AFA y la moral pragmática nacional

La crisis de la AFA ya no puede explicarse sólo por sus escándalos económicos, su dirigencia enquistada o sus decisiones opacas. El problema es más profundo: la Asociación del Fútbol Argentino se transformó en un espejo de la cultura política del país. Lo que allí ocurre no es una anomalía deportiva, sino una reproducción concentrada de los hábitos colectivos que la sociedad tolera —y en algunos casos celebra— bajo la lógica del “mientras ganemos, todo vale”.
La AFA no funciona como una organización moderna, sino como una estructura patrimonial de poder: cargos que se heredan, beneficios que se reparten entre fieles, lealtades que se compran mediante prebendas. La lógica es feudal: la institución no pertenece a los clubes, sino a quienes la controlan. No administra reglas, administra obediencias.
En este modelo, la rendición de cuentas no es un procedimiento necesario, sino una amenaza al orden interno. Lo que Max Weber definió como dominación patrimonial —un poder ejercido como extensión privada de un líder— encuentra en Viamonte 1366 uno de sus ejemplos más crudos: una legalidad apenas decorativa y una estructura política sostenida por fidelidades personales.
Ese patrón coincide casi a la perfección con la matriz de la política argentina: centralismo, opacidad, culto al líder y escaso control institucional.
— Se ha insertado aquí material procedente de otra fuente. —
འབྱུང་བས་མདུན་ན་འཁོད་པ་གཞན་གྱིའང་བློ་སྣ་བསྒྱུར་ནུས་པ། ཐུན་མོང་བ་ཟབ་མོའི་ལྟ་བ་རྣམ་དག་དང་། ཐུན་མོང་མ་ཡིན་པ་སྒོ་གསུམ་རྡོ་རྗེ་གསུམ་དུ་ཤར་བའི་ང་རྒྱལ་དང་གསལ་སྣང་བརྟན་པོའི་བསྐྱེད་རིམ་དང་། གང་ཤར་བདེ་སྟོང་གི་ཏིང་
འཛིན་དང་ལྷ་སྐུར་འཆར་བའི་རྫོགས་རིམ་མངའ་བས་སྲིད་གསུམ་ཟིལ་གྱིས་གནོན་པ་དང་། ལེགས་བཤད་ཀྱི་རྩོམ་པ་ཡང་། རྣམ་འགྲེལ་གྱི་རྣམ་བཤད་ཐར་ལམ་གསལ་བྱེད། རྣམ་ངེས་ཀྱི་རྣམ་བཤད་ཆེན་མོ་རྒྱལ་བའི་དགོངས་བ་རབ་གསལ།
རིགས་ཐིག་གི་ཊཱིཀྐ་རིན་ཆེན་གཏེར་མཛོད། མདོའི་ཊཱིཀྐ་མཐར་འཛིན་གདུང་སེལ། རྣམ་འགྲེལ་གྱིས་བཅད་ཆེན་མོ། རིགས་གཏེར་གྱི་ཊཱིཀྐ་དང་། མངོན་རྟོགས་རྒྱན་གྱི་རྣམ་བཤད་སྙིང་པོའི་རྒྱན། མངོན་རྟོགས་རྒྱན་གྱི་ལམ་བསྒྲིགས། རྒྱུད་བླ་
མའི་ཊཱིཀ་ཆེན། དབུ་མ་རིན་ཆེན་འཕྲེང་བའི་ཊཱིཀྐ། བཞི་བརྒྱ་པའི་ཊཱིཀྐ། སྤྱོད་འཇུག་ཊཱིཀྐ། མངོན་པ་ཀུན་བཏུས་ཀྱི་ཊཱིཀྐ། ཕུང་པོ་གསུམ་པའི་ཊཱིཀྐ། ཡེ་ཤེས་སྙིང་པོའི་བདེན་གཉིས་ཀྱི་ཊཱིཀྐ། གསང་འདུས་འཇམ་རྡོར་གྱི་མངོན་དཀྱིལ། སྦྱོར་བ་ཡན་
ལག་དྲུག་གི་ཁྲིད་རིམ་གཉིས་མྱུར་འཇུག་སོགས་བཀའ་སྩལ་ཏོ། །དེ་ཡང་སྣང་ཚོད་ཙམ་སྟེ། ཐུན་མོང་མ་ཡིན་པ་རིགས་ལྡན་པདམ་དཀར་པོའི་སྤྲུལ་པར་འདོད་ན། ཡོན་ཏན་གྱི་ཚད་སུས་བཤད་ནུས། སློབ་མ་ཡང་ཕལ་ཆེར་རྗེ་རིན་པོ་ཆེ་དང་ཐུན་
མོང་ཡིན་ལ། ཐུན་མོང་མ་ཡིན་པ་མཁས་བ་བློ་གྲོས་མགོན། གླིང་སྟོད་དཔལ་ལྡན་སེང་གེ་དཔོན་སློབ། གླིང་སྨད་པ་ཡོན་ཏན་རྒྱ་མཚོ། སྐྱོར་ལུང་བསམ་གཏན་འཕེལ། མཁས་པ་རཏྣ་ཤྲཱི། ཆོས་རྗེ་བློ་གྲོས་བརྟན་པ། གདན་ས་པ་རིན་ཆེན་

La AFA opera como un micro-Estado donde el poder se administra como patrimonio familiar y la ley se negocia como un recurso, no como un límite.
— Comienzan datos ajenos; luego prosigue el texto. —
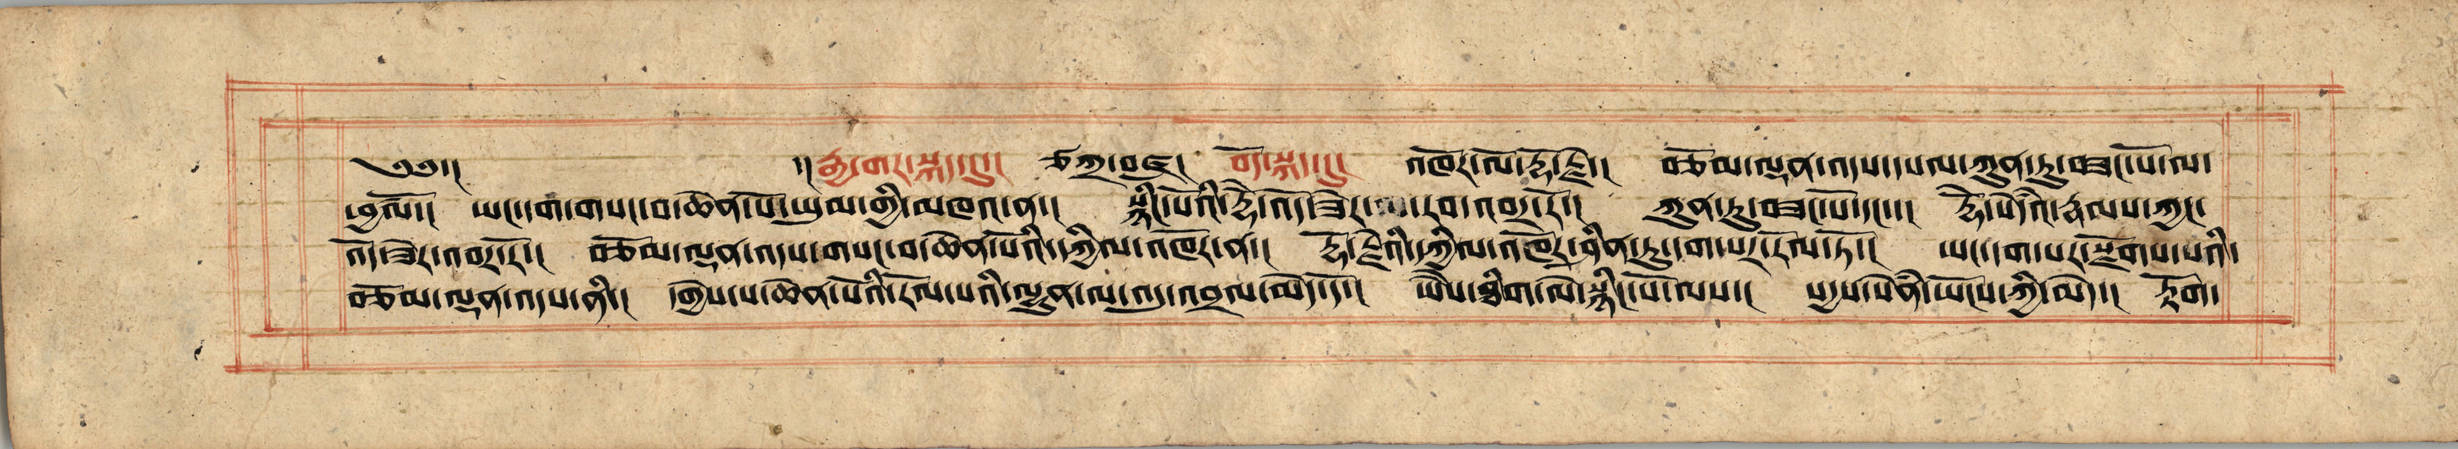༄༅་། ་།རྒྱ་གར་སྐད་དུ་། ཙཀྲ་བཛྲ། བོད་སྐད་དུ་། འཁོར་ལོ་རྡོ་རྗེ་། བཅོམ་ལྡན་འདས་དཔལ་ཀུན་ཏུ་བཟང་པོ་ལ་
ཕྱཚལོ་། ཡང་དག་གསང་བ་ཆེན་པོ་ཡུམ་གྱི་མཁའ་ན་། སྙིང་པོའི་རྡོེ་འོད་ཟེར་ལ་རབ་འབར་རོ་། ཀུན་ཏུ་བཟང་པོ་དང་་། རྡོེ་སེདཾའ་རྣམས་ཀྱང་
འོད་ཟེར་འབར་རོ་། བཅོམ་ལྡན་འདས་གསང་བ་ཆེན་པོའི་དཀྱིལ་འཁོར་ན་། རྡོ་རྗེའི་དཀྱིལ་འཁོར་ཤིན་ཏུ་དག་པར་རོལ་ཏོ་། ཡང་དག་པར་སྫོགས་པའི་
བཅོམ་ལྡན་འདས་ནི་། དགྱེས་པ་ཆེན་པོའི་རོལ་པའི་ལྷུན་ལ་འདུ་འབྲལ་མེད་དོ་། ཡཻས་ཐིག་ལེ་སྙིང་པོ་ལས་། སདྱས་སེཾན་ཡོངས་ཀྱི་མེད་། རྟོག་
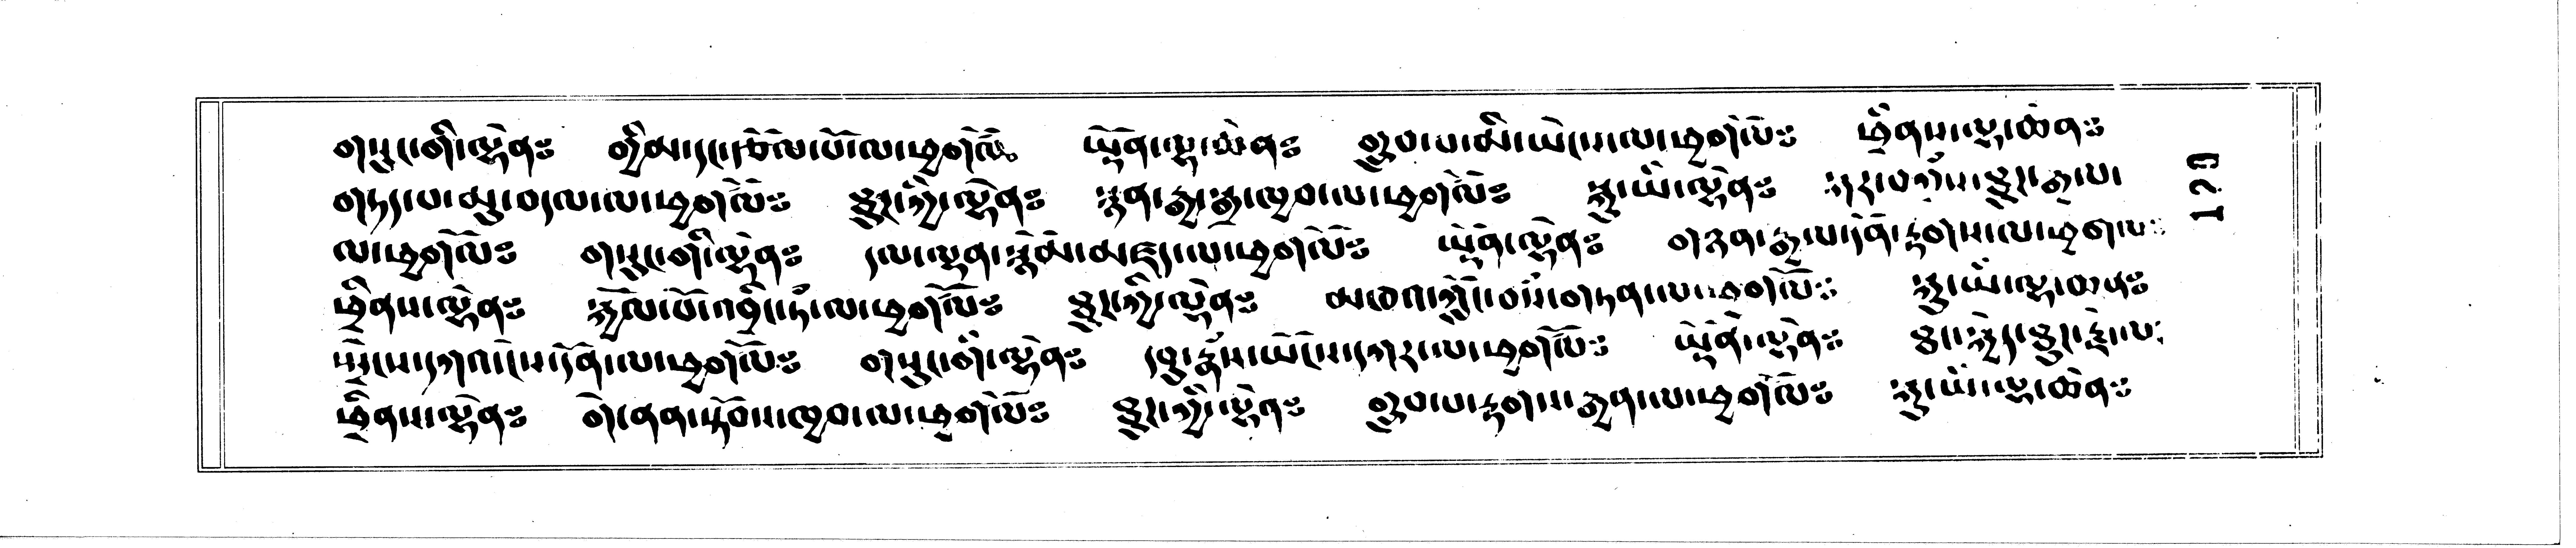གསུང་གི་ལྷ་ཆེནཿགྱིམ་དང་རྩོལ་པོ་ལ་ཕྱག་འཚལ་ལོཿ ཡོན་ཏན་གྱི་ལྷ་ཆེནཿ གྲུབ་པ་མི་ཡེངས་ལ་ཕྱག་འཚལ་ལོཿ ཕྲིན་ལས་ཀྱི་ལྷ་ཆེནཿ 
གཏད་པ་མུ་བདལ་ལ་ཕྱག་འཚལ་ལོཿ ཐུགས་ཀྱི་ལྷ་ཆེནཿ སྙན་རྒྱ་སྒྲར་ཁྱབ་ལ་ཕྱག་འཚལ་ལོཿ སྐུ་ཡི་ལྷ་ཆེནཿ སྐར་བཀྲམ་ཐུགས་རྒྱལ་
ལ་ཕྱག་འཚལ་ལོཿ གསུང་གི་ལྷ་ཆེནཿ དལ་ལྡན་སྙོམས་མཛད་ལ་ཕྱག་འཚལ་ལོཿ ཡོན་ཏན་གྱི་ལྷ་ཆེནཿ གཉན་རྒྱལ་དོན་རྟགས་ལ་ཕྱག་འཚལ་ལོཿ
 ཕྲིན་ལས་ཀྱི་ལྷ་ཆེནཿ སྐྱོལ་པོ་འབྲིང་ཏམ་ལ་ཕྱག་འཚལ་ལོཿ ཐུགས་ཀྱི་ལྷ་ཆེནཿ མཁའ་ཀློང་བསམ་གཏན་ལ་ཕྱག་འཚལ་ལོཿ སྐུ་ཡི་ལྷ་ཆེནཿ
 སྤྲེངས་དཀའ་ངེས་དོན་ལ་ཕྱག་འཚལ་ལོཿ གསུང་གི་ལྷ་ཆེནཿ དབུ་རྣམས་ཡོངས་དཀར་ལ་ཕྱག་འཚལ་ལོཿ ཡོན་ཏན་གྱི་ལྷ་ཆེནཿ ཐང་སྐྱེད་ཐུགས་རྗེ་ལ་ཕྱག་འཚལ་ལོཿ 
ཕྲིན་ལས་ཀྱི་ལྷ་ཆེནཿ གེ་ནན་སྟོབས་ཁྱབ་ལ་ཕྱག་འཚལ་ལོཿ ཐུགས་ཀྱི་ལྷ་ཆེནཿ གྲུབ་པ་རྟགས་བརྒྱན་ལ་ཕྱག་འཚལ་ལོཿ སྐུ་ཡི་ལྷ་ཆེནཿ

Pero el rasgo más perturbador no reside en la cúpula, sino en la sociedad que legitima la dinámica. La Argentina construyó una moral pragmática del éxito: mientras el resultado emocional sea positivo, la ética se vuelve prescindible. El fútbol funciona como compensación simbólica frente a la vida cotidiana marcada por la precariedad, la inflación, la inseguridad. Como señaló Pierre Bourdieu, la gloria deportiva opera como capital simbólico que reemplaza lo que el Estado no provee: horizonte, identidad, orgullo colectivo.
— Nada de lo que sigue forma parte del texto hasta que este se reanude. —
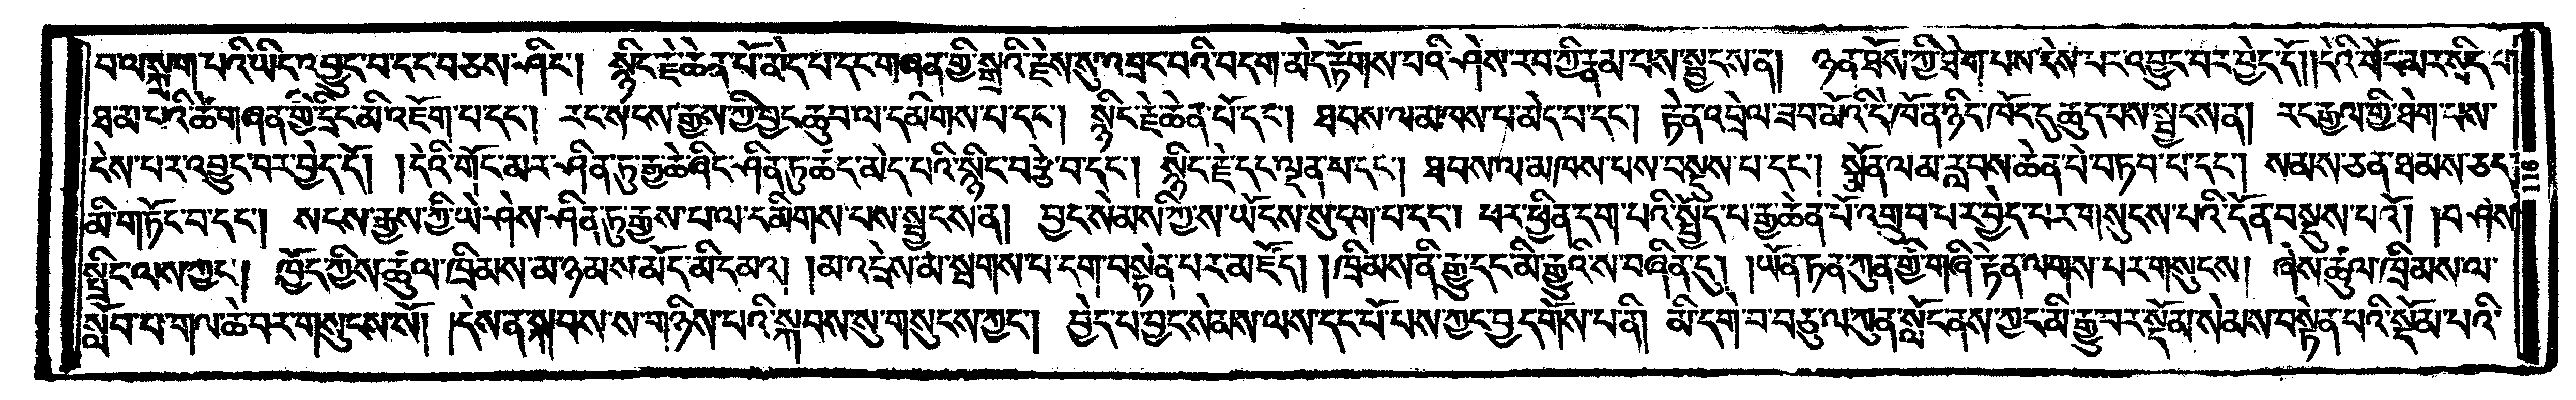བ་ལ་སྐྲག་པའི་ཡིད་འབྱུང་བ་དང་བཅས་ཤིང་། སྙིང་རྗེ་ཆེན་པོ་མེད་པ་དང་གཞན་གྱི་སྒྲའི་རྗེས་སུ་འབྲང་བའི་བདག་མེད་རྟོགས་པའི་ཤེས་རབ་ཀྱི་རྣམ་པས་སྦྱངས་ན། ཉན་ཐོས་ཀྱི་ཐེག་པས་ངེས་པར་འབྱུང་བར་བྱེད་དོ། །དེའི་གོང་མར་སྲིད་པ་
ཐ་མ་པའི་ཚེ་གཞན་གྱི་དྲིང་མི་འཇོག་པ་དང་། རང་སངས་རྒྱས་ཀྱི་བྱང་ཆུབ་ལ་དམིགས་པ་དང་། སྙིང་རྗེ་ཆེན་པོ་དང་། ཐབས་ལ་མཁས་པ་མེད་པ་དང་། རྟེན་འབྲེལ་ཟབ་མོའི་དེ་ཁོ་ན་ཉིད་ཁོང་དུ་ཆུད་པས་སྦྱངས་ན། རང་རྒྱལ་གྱི་ཐེག་པས་
ངེས་པར་འབྱུང་བར་བྱེད་དོ། །དེའི་གོང་མར་ཤིན་ཏུ་རྒྱ་ཆེ་ཞིང་ཤིན་ཏུ་ཚད་མེད་པའི་སྙིང་བརྩེ་བ་དང་། སྙིང་རྗེ་དང་ལྡན་པ་དང་། ཐབས་ལ་མཁས་པས་བསྡུས་པ་དང་། སྨོན་ལམ་རླབས་ཆེན་པོ་བཏབ་པ་དང་། སེམས་ཅན་ཐམས་ཅད་
མི་གཏོང་བ་དང་། སངས་རྒྱས་ཀྱི་ཡེ་ཤེས་ཤིན་ཏུ་རྒྱས་པ་ལ་དམིགས་པས་སྦྱངས་ན། བྱང་སེམས་ཀྱི་ས་ཡོངས་སུ་དག་པ་དང་། ཕར་ཕྱིན་དག་པའི་སྤྱོད་པ་རྒྱ་ཆེན་པོ་འགྲུབ་པར་བྱེད་པར་གསུངས་པའི་དོན་བསྡུས་པའོ། །བཤེས་
སྤྲིང་ལས་ཀྱང་། ཁྱོད་ཀྱིས་ཚུལ་ཁྲིམས་མ་ཉམས་མོད་མི་དམའ། །མ་འདྲེས་མ་སྤགས་པ་དག་བསྟེན་པར་མཛོད། །ཁྲིམས་ནི་རྒྱུ་དང་མི་རྒྱུའི་ས་བཞིན་དུ། ཡོན་ཏན་ཀུན་གྱི་གཞི་རྟེན་ལེགས་པར་གསུངས། ཞེས་ཚུལ་ཁྲིམས་ལ་
སློབ་པ་གལ་ཆེ་བར་གསུངས་སོ། །དེས་ན་སྐབས་ས་གཉིས་པའི་སྐབས་སུ་གསུངས་ཀྱང་། བྱེད་པ་བྱང་སེམས་ལས་དང་པོ་པས་ཀྱང་བྱ་དགོས་པ་ནི། མི་དགེ་བ་བཅུ་ལ་ཀུན་སློང་ནས་ཀྱང་མི་རྒྱུ་བར་སྡོམ་སེམས་བསྟེན་པའི་སྡོམ་པའི་

En ese marco, la AFA deja de ser solo una institución corrupta para convertirse en un dispositivo cultural: enseña que incumplir reglas es aceptable si el éxito trae alivio. Lo mismo ocurre en la política, donde un líder eficaz se celebra más que un sistema institucional sólido. Importa ganar, no cómo se gana. Importa imponer, no justificar.
La conocida frase “roban pero hacen” no es una ocurrencia popular: es un pacto social degradado. Un contrato tácito donde la sociedad renuncia a la transparencia y entrega su exigencia de verdad a cambio de la anestesia del triunfo. Las Eliminatorias y los Mundiales cumplen así una doble función: fiesta y cortina; celebración y blindaje. Por eso, la AFA no es simplemente un foco de corrupción: es la expresión concentrada de un país que dejó de escandalizarse. Donde el desorden se gestiona, el abuso se negocia, el poder no se controla y la gloria funciona como absolución moral. El Mundial actúa como indulgencia colectiva: perdona balances turbios, arbitrajes dudosos, favores cruzados y estructuras que operan como feudos modernos.
El problema, entonces, no es solo la AFA. El problema es la cultura que la sostiene, la reproduce y la aplaude. Mientras el éxito siga funcionando como coartada moral y la ética como obstáculo, la Argentina continuará celebrando la Mano de Dios con una mano… y firmando la resignación con la otra.